Tucked away in an unassuming street within hailing-distance of Waterloo Station is the 1901 Arts Club, an intimate and elegant venue dedicated to the pursuit of rare and curious pleasures. That at least is the impression from my first visit, in the estimable company of Morton Feldman and Karlheinz Stockhausen, two composers with whom it is always interesting to spend time musing on their conception of time and space, sound and colour, movement and stasis. On such occasions it is essential to have on hand artists who can light up the conversation with insightful, incisive performances; in this instance that was provided by Jonathan Powell (piano), Sophie Dunér (voice) and Leora Cohen (violin).
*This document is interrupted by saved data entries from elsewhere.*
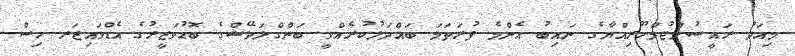
މިއަދު ރައީސުލްޖުމްހޫރިއްޔާގެ ނައިބު އެންމެ ފުރަތަމަ ބައްދަލުކުރެއްވީ ބަންގްލަދޭޝްގެ ބޮޑުވަޒީރުގެ އެޑްވައިޒަރ ހިސް
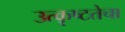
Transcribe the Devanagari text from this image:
उत्कृष्टतेचा
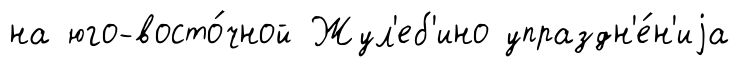
на юго-восто́чной Жул'еб'ино упраздн'е́н'иjа
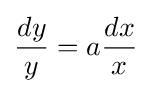
{\frac {dy}{y}}=a{\frac {dx}{x}}
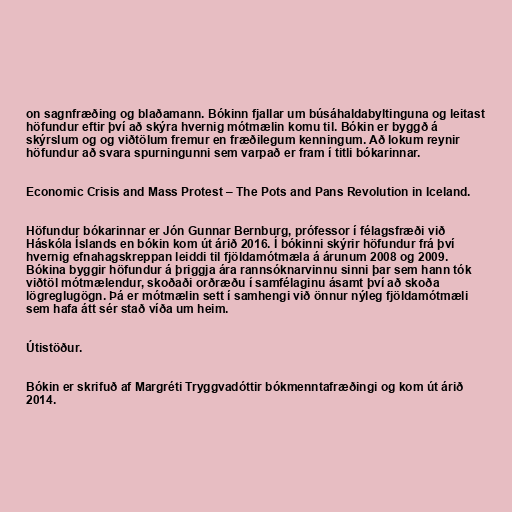
on sagnfræðing og blaðamann. Bókinn fjallar um búsáhaldabyltinguna og leitast
höfundur eftir því að skýra hvernig mótmælin komu til. Bókin er byggð á
skýrslum og og viðtölum fremur en fræðilegum kenningum. Að lokum reynir
höfundur að svara spurningunni sem varpað er fram í titli bókarinnar.

Economic Crisis and Mass Protest – The Pots and Pans Revolution in Iceland.

Höfundur bókarinnar er Jón Gunnar Bernburg, prófessor í félagsfræði við
Háskóla Íslands en bókin kom út árið 2016. Í bókinni skýrir höfundur frá því
hvernig efnahagskreppan leiddi til fjöldamótmæla á árunum 2008 og 2009.
Bókina byggir höfundur á þriggja ára rannsóknarvinnu sinni þar sem hann tók
viðtöl mótmælendur, skoðaði orðræðu í samfélaginu ásamt því að skoða
lögreglugögn. Þá er mótmælin sett í samhengi við önnur nýleg fjöldamótmæli
sem hafa átt sér stað víða um heim.

Útistöður.

Bókin er skrifuð af Margréti Tryggvadóttir bókmenntafræðingi og kom út árið
2014.
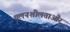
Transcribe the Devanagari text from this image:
चलनशीलताऔर
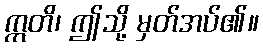
ဣတိ၊ ဤသို့ မှတ်အပ်၏။
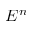
E ^ { n }
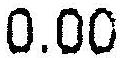
0.00
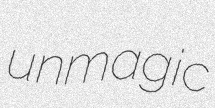
unmagic
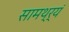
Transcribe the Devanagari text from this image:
सामथ्र्यं
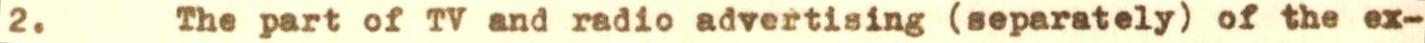
2. The part of TV and radio advertising (separately) of the ex-
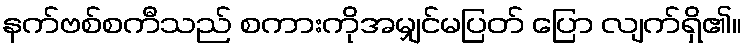
နက်ဗစ်စကီသည် စကားကိုအမျှင်မပြတ် ပြော လျက်ရှိ၏။
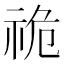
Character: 祪
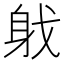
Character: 𨈟
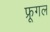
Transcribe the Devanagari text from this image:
फ्रूगल
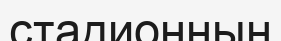
стадионның
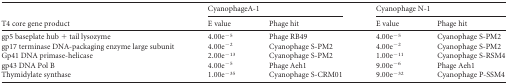
<table><thead><tr><td rowspan="2"><b>T4 core gene product</b></td><td colspan="2"><b>CyanophageA-1</b></td><td colspan="2"><b>Cyanophage N-1</b></td></tr><tr><td><b>E value</b></td><td><b>Phage hit</b></td><td><b>E value</b></td><td><b>Phage hit</b></td></tr></thead><tbody><tr><td>gp5 baseplate hub + tail lysozyme</td><td>4.00e<sup>−5</sup></td><td>Phage RB49</td><td>4.00e<sup>−5</sup></td><td>Cyanophage S-PM2</td></tr><tr><td>gp17 terminase DNA-packaging enzyme large subunit</td><td>4.00e<sup>−2</sup></td><td>Cyanophage S-PM2</td><td>4.00e<sup>−2</sup></td><td>Cyanophage S-PM2</td></tr><tr><td>Gp41 DNA primase-helicase</td><td>2.00e<sup>−13</sup></td><td>Cyanophage S-PM2</td><td>1.00e<sup>−11</sup></td><td>Cyanophage S-RSM4</td></tr><tr><td>gp43 DNA Pol B</td><td>4.00e<sup>−5</sup></td><td>Phage Aeh1</td><td>9.00e<sup>−6</sup></td><td>Phage Aeh1</td></tr><tr><td>Thymidylate synthase</td><td>1.00e<sup>−35</sup></td><td>Cyanophage S-CRM01</td><td>9.00e<sup>−32</sup></td><td>Cyanophage P-SSM4</td></tr></tbody></table>
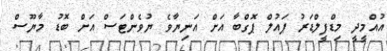
އުއްމީދީ މިޑްފީލްޑަރު ޕައުލް ޕޮގްބާ އަށް އަނިޔާވެ ޔުވެންޓަސް އަށް ބޮޑު މާޔޫސް
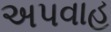
અપવાહ
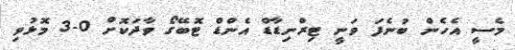
މެސީ އެހެން ބުނެފަ ވަނީ ޓިރްނިޑާޑް އެންޑް ޓޮބޭގޯ ވާދަކޮށް 0-3 މޮޅުވި
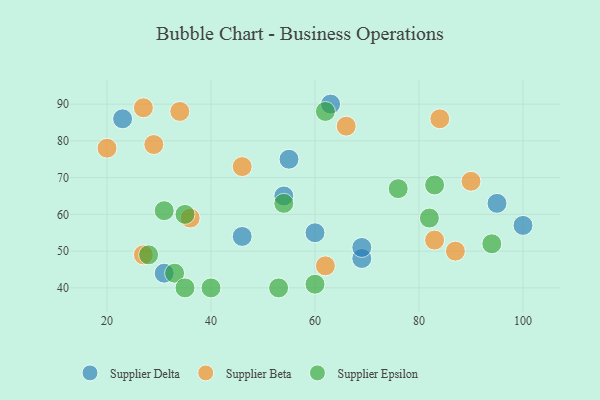
{"axis": {"x": "GDP", "y": "Life Expectancy"}, "legend": ["Supplier Beta", "Supplier Delta", "Supplier Epsilon"], "data": [{"x": "54", "y": 65, "type": "Supplier Delta"}, {"x": "100", "y": 57, "type": "Supplier Delta"}, {"x": "60", "y": 55, "type": "Supplier Delta"}, {"x": "69", "y": 48, "type": "Supplier Delta"}, {"x": "46", "y": 54, "type": "Supplier Delta"}, {"x": "31", "y": 44, "type": "Supplier Delta"}, {"x": "69", "y": 51, "type": "Supplier Delta"}, {"x": "23", "y": 86, "type": "Supplier Delta"}, {"x": "95", "y": 63, "type": "Supplier Delta"}, {"x": "55", "y": 75, "type": "Supplier Delta"}, {"x": "63", "y": 90, "type": "Supplier Delta"}, {"x": "83", "y": 53, "type": "Supplier Beta"}, {"x": "34", "y": 88, "type": "Supplier Beta"}, {"x": "84", "y": 86, "type": "Supplier Beta"}, {"x": "46", "y": 73, "type": "Supplier Beta"}, {"x": "27", "y": 49, "type": "Supplier Beta"}, {"x": "66", "y": 84, "type": "Supplier Beta"}, {"x": "29", "y": 79, "type": "Supplier Beta"}, {"x": "36", "y": 59, "type": "Supplier Beta"}, {"x": "20", "y": 78, "type": "Supplier Beta"}, {"x": "62", "y": 46, "type": "Supplier Beta"}, {"x": "90", "y": 69, "type": "Supplier Beta"}, {"x": "27", "y": 89, "type": "Supplier Beta"}, {"x": "87", "y": 50, "type": "Supplier Beta"}, {"x": "83", "y": 68, "type": "Supplier Epsilon"}, {"x": "76", "y": 67, "type": "Supplier Epsilon"}, {"x": "40", "y": 40, "type": "Supplier Epsilon"}, {"x": "35", "y": 60, "type": "Supplier Epsilon"}, {"x": "60", "y": 41, "type": "Supplier Epsilon"}, {"x": "31", "y": 61, "type": "Supplier Epsilon"}, {"x": "54", "y": 63, "type": "Supplier Epsilon"}, {"x": "62", "y": 88, "type": "Supplier Epsilon"}, {"x": "33", "y": 44, "type": "Supplier Epsilon"}, {"x": "35", "y": 40, "type": "Supplier Epsilon"}, {"x": "28", "y": 49, "type": "Supplier Epsilon"}, {"x": "82", "y": 59, "type": "Supplier Epsilon"}, {"x": "53", "y": 40, "type": "Supplier Epsilon"}, {"x": "94", "y": 52, "type": "Supplier Epsilon"}]}

For Feldman, the centenary of whose birth is being marked this year, time within musical space is primordial, unconcerned with wars, revolutions or the fluctuating price of cheese. Some of his pieces take forever to perform; others will seduce you without a moment’s notice – which is how this soirée began, with Dunér’s dreamy intonation of Only, a solo strophic setting of one of Rilke’s Sonnets to Orpheus. Her voicing resembled that of a cor anglais shorn of its nasal quality but still sounding sonorous. In the wonderland world of Stockhausen time is governed by the rules of Lewis Carroll where anything can, and does, happen – also without notice. A case in point is Klavierstück V, which is one of the markers of his retreat from the idealist aesthetics of total serialism, in favour of an exercise in heightened expressiveness driven by fluctuating tempi and, horror of horrors, recognisable repetition. Powell’s reading was full of excitement and playfulness; his articulation of the decorative patina of melismas with which the piece is encrusted brought to mind the refinement of Baroque ornamentation.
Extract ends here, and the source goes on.